Hofburg Innsbruck © BHÖ/G.R. Wett
Kunstvoll glasierte Porzellanöfen, die von versteckten Gängen aus beheizt wurden. Gemalte Spiegelrahmen, die – Illusion realer Spiegel vermittelnd – den Inbegriff von herrschaftlichem Luxus darstellen. Elegante Lüster, seidene Wandbespannungen, opulent gedeckte Festtafeln und kostbare Möbel aus verschiedenen Epochen: Ein Spaziergang durch die Kaiserappartements der Innsbrucker Hofburg ist wie ein Streifzug durch die (Kunst-)Geschichte.

Der Riesensaal mit einem Deckenfresko von Anton Maulpertsch gilt als prächtigster Fest- und Zeremoniensaal des Alpenraums. Weitere Prunkräume sind der Gardesaal, das Kaiserin-Elisabeth-Appartement, der Salon der Kaiserin, das Toilettezimmer, das Ratszimmer, das Audienzzimmer – um nur einige zu nennen. Die Ahnengalerie im Prunkstiegenhaus zeigt Porträts der Habsburger und lässt die Regentschaft dieses Geschlechtes in Tirol lebendig werden. In den Schauräumen des Museums geben Hunderte Exponate Einblick in das Leben der höfischen Bewohner.

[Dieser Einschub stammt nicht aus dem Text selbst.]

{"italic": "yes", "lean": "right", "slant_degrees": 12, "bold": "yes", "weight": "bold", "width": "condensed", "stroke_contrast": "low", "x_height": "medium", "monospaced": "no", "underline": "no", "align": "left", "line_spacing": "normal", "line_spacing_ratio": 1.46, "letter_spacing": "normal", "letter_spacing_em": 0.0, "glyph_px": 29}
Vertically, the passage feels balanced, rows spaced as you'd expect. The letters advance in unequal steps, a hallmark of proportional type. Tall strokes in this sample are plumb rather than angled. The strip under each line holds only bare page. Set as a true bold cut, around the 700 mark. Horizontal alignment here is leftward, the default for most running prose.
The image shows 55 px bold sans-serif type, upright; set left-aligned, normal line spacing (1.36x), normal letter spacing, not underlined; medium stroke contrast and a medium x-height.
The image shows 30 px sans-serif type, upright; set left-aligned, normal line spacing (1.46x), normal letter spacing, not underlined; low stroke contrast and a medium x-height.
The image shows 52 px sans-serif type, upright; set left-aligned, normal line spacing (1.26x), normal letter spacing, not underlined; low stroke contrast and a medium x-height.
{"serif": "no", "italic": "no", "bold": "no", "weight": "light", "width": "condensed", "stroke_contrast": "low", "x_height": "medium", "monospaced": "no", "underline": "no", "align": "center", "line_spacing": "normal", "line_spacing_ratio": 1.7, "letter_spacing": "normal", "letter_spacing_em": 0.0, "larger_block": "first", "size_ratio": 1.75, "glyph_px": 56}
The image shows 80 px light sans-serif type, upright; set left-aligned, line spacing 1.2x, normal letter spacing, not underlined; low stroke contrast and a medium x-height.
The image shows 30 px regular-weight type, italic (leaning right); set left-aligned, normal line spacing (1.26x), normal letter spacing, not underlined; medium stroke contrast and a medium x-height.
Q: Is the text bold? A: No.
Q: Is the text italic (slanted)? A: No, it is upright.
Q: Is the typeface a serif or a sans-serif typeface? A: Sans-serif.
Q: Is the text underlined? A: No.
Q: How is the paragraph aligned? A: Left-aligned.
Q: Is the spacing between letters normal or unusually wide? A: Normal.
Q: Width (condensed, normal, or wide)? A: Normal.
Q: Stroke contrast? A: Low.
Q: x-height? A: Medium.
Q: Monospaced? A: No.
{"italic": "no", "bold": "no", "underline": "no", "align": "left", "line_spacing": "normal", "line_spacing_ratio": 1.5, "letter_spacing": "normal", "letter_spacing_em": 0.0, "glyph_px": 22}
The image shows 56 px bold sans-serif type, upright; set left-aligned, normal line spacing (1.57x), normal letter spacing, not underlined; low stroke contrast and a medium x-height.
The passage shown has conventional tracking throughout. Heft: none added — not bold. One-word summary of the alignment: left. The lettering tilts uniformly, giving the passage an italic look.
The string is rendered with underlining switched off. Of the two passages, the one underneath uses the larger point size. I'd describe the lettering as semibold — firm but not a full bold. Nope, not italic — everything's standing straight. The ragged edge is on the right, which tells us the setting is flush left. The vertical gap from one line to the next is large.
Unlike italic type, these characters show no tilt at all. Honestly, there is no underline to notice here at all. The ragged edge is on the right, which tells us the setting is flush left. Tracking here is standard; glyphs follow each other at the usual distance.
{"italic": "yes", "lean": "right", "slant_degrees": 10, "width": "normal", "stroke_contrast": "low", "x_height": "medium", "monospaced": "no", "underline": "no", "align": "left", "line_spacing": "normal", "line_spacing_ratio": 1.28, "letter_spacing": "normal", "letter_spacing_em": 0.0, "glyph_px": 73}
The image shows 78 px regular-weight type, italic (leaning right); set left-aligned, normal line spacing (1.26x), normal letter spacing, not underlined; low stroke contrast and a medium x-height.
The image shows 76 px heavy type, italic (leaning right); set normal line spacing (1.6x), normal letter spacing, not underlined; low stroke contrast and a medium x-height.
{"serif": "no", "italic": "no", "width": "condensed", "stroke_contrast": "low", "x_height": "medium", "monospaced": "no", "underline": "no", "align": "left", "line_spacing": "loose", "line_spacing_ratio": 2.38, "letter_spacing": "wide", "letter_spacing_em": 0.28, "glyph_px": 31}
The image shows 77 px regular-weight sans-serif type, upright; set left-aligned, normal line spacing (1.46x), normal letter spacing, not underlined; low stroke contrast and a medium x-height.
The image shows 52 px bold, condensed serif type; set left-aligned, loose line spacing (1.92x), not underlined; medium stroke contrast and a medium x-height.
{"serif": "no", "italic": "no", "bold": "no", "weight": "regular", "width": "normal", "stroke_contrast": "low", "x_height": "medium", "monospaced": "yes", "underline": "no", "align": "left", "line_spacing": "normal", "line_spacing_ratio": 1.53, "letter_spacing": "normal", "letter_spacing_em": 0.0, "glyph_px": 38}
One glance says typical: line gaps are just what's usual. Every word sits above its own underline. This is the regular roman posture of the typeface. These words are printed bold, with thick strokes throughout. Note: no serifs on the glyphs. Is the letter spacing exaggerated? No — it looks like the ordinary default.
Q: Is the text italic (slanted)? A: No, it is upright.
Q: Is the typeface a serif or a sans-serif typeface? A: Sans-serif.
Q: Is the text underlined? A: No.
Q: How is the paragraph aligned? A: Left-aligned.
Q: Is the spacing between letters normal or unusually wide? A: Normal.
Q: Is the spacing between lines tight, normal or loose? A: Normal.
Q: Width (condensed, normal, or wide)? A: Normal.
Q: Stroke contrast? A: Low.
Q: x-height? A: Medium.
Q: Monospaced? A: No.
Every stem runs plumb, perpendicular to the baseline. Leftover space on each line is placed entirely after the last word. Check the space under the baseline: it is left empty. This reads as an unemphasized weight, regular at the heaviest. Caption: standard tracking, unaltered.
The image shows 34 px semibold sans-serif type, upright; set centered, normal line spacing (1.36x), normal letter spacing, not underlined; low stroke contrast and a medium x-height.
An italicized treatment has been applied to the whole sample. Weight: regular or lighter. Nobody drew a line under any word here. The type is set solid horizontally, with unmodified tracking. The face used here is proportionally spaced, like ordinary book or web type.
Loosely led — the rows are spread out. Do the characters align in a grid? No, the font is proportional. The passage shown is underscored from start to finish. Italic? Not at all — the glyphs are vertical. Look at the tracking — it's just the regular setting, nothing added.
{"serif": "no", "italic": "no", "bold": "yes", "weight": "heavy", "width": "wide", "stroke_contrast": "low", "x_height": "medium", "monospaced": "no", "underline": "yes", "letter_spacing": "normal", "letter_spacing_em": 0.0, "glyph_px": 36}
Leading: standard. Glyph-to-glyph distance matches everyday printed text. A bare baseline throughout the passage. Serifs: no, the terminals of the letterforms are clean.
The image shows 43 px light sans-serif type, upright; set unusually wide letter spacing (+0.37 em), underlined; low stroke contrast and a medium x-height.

Wer nach so viel k. u. k. Romantik gerne eine Melange in plüschiger Kaffeehaus-Atmosphäre zu sich nehmen will, kehrt am besten im „Café Sacher“ ein – wobei natürlich nicht das Wiener Original gemeint ist, sondern dessen ebenfalls in der Hofburg angesiedeltes Pendant, das dem Vorbild in puncto kulinarischer Raffinesse in nichts nachsteht.